Learning Outcomes:  The aim of the module is to provide students with a deep and conceptual knowledge of the causes and course of political and social activism in Europe’s most tumultuous post-World War Two decade, from the emergence of peace activism in the late 1950s to the rise of groups that used political violence to further their aims. Through close reading and discussion, students will be enabled to assume personal responsibility in the definition of problems, the formulation of arguments, and the identification of sources.

A full description of the learning outcomes of the module is provided in the module handout.

Pre-requisite:  The module is restricted to 4th-year Honours students.

Module Literature: 

Useful introductory reading over the summer might include some of the following:

  • Mark Donnelly, Sixties Britain. Culture, Society and Politics (London: Pan, 2005).
  • Gerard de Groot, The Sixties Unplugged: A Kaleidoscopic History of a Disorderly Decade (London, 2009).
  • Robert Gildea, James Mark and Anette Waring, eds, Europe’s 1968. Voices of Revolt (Oxford: OUP, 2013).
  • Gerd-Rainer Horn, The Spirit of ’68. Rebellion in Western Europe and North America, 1956-1976 (Oxford: OUP, 2007).
  • Martin Klimke and Joachim Scharloth, eds, 1968 in Europe. A History of Protest and Activism, 1956-1977 (Basingstoke: Palgrave, 2008).
  • Arthur Marwick, The Sixties Cultural Revolution in Britain France Italy and the United States, c.1958-c.1974 (Oxford: OUP, 1998).

Module Structure:  There are no lectures.  The module will be taught through weekly seminars, each lasting three hours.  Attendance is vital and preparation essential.  All seminars are prescribed classes since students are assessed for their oral performance at them.

Assessment: The grade is based on three essays of up to 4000 words (together 50%), two two-hour examinations (together 40%) and oral work (10%).

HISU9D7: The American Revolution

Module Content:  The module explores the origins and nature of the American Revolution roughly from 1760 to 1787.  It begins with examinations of American colonial politics, society and government, and proceeds to review the imperial relationship before the Revolution, including imperial administration and commerce.  Subsequent topics are studied in depth:  the imperial crises 1765-1774, the War of Independence, the revolutionary movement, Loyalism and counter-revolution, and the "making" of the United States.  The Revolution's impact upon the British Isles is considered more briefly.  Emphasis is placed upon ideology and political behaviour although political economy, government, and social history are also covered.

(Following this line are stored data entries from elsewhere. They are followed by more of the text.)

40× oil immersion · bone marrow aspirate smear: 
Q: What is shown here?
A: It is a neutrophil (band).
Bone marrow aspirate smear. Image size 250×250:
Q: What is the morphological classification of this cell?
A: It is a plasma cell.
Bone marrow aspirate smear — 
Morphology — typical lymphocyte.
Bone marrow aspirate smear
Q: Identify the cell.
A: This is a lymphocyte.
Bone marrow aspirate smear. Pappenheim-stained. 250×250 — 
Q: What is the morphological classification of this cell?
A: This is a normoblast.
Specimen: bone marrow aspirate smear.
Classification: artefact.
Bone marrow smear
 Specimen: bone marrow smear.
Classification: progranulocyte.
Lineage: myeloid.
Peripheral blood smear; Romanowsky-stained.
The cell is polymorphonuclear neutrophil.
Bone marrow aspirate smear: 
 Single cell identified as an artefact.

Learning Outcomes:  The module aims to provide students with an in depth understanding of the origins and nature of the American Revolution, roughly from 1750 to 1790, and to enable them to assume personal intellectual responsibility in the definition of problems, the formulation of arguments, and the identification of sources.

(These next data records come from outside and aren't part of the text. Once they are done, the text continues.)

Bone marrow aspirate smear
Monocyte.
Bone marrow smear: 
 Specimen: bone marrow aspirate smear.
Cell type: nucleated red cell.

A full description of the learning outcomes of the module is provided in the module handout.

Pre-requisite:  The module is restricted to 4th-year Honours students.

Module Literature:  Recommended purchases:

  • Bernard Bailyn, The Ideological Origins of the American Revolution (1967, 1992)
  • Richard D. Brown, ed., Major Problems in the Era of the American Revolution, 1760-1791 (1992).
  • Stephen Conway, The War of Independence, 1775-1783 (1995) or Piers Mackesy, The War for America, 1775-1783 (1964, 1992) or Don Higginbotham, The War of American Independence: military attitudes, policies and practice, 1763-1789 (1983).
  • Edward Countryman, The American Revolution or Colin Bonwick, The American Revolution or Frank Cogliano, Revolutionary America, 1763-1815:  A Political History.
  • Colin Nicolson, the 'Infamas Govener': Francis Bernard and the Origins of the American Revolution (2001).
  • Harry M. Ward, The War for Independence and the Transformation of American Society (1999).
  • Gordon S. Wood, The Radicalism of the American Revolution (1992).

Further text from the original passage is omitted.